City of Joburg and unions ‘do away’ with wildcat strikes

Samwu members are seen among trash dumped by a municipal truck in the Pretoria CBD during the third day of protests over wage increases, 31 July 2019, Pretoria. Picture: Jacques Nelles

Samwu members are seen among trash dumped by a municipal truck in the Pretoria CBD during the third day of protests over wage increases, 31 July 2019, Pretoria. Picture: Jacques Nelles

The historic agreement between the city and labour unions will remain in place irrespective of which party is in power.

The City of Johannesburg and labour unions representing municipal workers have entered into an agreement that seeks to do away with wildcat strikes. The agreement will also involve labour in the city’s budget planning process.

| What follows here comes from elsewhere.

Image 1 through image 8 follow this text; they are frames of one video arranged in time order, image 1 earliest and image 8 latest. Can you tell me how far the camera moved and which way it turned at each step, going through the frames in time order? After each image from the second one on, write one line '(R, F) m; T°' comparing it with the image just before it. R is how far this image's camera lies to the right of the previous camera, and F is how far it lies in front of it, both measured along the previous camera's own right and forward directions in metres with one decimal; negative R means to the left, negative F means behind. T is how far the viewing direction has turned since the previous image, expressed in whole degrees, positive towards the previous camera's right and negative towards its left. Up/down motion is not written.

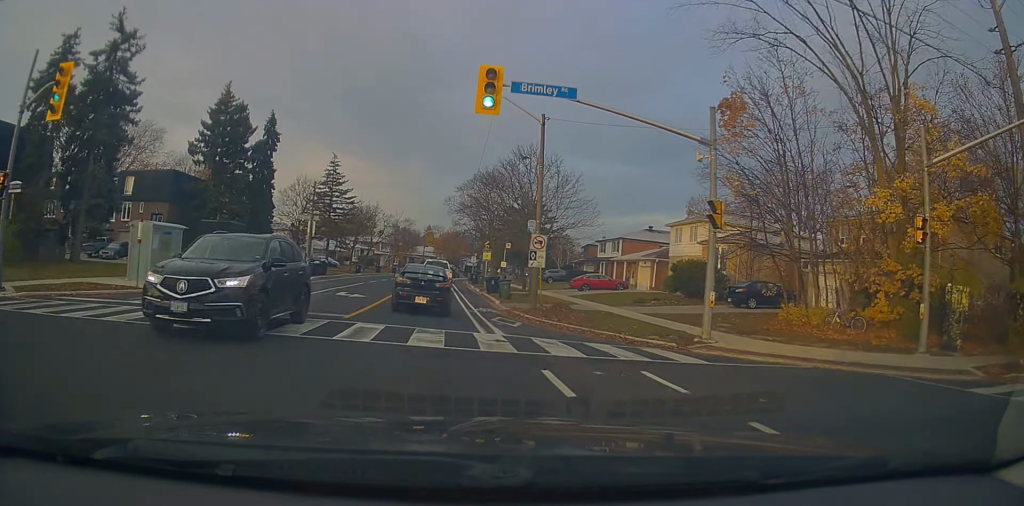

The South African Municipal Workers’ Union (Samwu) and the Independent Municipal and Allied Trade Union (Imatu) in the Johannesburg region signed the legally binding memorandum of understanding (MoU), said to be the first of its kind, with the city on Monday.

Regulated strike action

“We have the right to strike, we have not signed anything away,” said Imatu regional chairperson Keith Swanepoel. He explained that what the unions have signed clarifies the process that needs to be followed in the event that a labour dispute arises.

The MoU aims to maintain “stable” relations between the city and organised labour so as to not disrupt services to Johannesburg residents. The document states that “work stoppages, particularly those that disrupt service delivery, must be a method of last resort”.

“All parties must engage with one another in good faith, from a problem-solving perspective and with a view to minimise the scope for conflict,” the document states.

Johannesburg mayor Herman Mashaba told the media that since the new administration was elected to office the city has been fortunate enough not to have had any devastating protests, but that a framework is now in place to regulate the process long before any protest takes place.

Spontaneous strike action that hasn’t followed the relevant process will be halted.

The MoU also provides protection for municipal property and workers who are not protesting.

Union involvement in city budget for the first time 

Another key aspect of the agreement is the involvement of unions when the city’s annual budget is being drafted or adjusted. In the same vein, labour will also be consulted when the city develops its strategic plan and integrated development plan.

“I think in the past, when I took over the administration, the unions were never party to the planning,” said Mashaba. “I cannot see any organisation being private or public where you don’t involve people who must execute.”

Samwu regional chair Vuyani Singonzo said this will also enhance transparency between the unions and in turn “manage perceptions”.

While labour will assist in informing the budget in terms of operations, wage and salary issues will still be handled at the National Bargaining Council.

“We are a stakeholder and we need to know what is happening there [in the budget] … it will enhance our trust whenever we negotiate at the bargaining council,” said Singonzo.

Further, Singonzo said the MoU will not be read as a document that compromises the needs of the workers, as it commits to reskilling members and reinforces some of the governance structures that exist in employment relations.

He said unions were not always “strike happy”, explaining that protest action was a pain for labour because it meant “no work, no pay”.

“With this MoU we are going to benefit because it is going to make sure that whoever was supposed to take a decision in resolving any matter that arises, they should have resolved it. If it leads to a strike it must be investigated,” Singonzo said.

Legally binding

“In the event that any of the parties breach this MoU, the enforcement procedures require binding arbitration with powers to award costs or necessitate disciplinary action against any employee of the city,” said Mashaba.

The agreement cannot be amended or withdrawn without the consent of all three parties, meaning that irrespective of which party is governing the city, the MoU will remain in force. It will also remain in place regardless of which political party in power.

The agreement comes as Mashaba is facing headwinds regarding his time as mayor as a motion of no confidence against him looms.

He told the media that he does not know what will happen on Thursday when the motion is debated.

The DA mayor survived attempts to remove him in 2017, with the much-needed backing of the EFF. It remains to be seen whether he will escape the hammer now on the back of comments by the red berets who have vowed to not vote for either the DA or the ANC.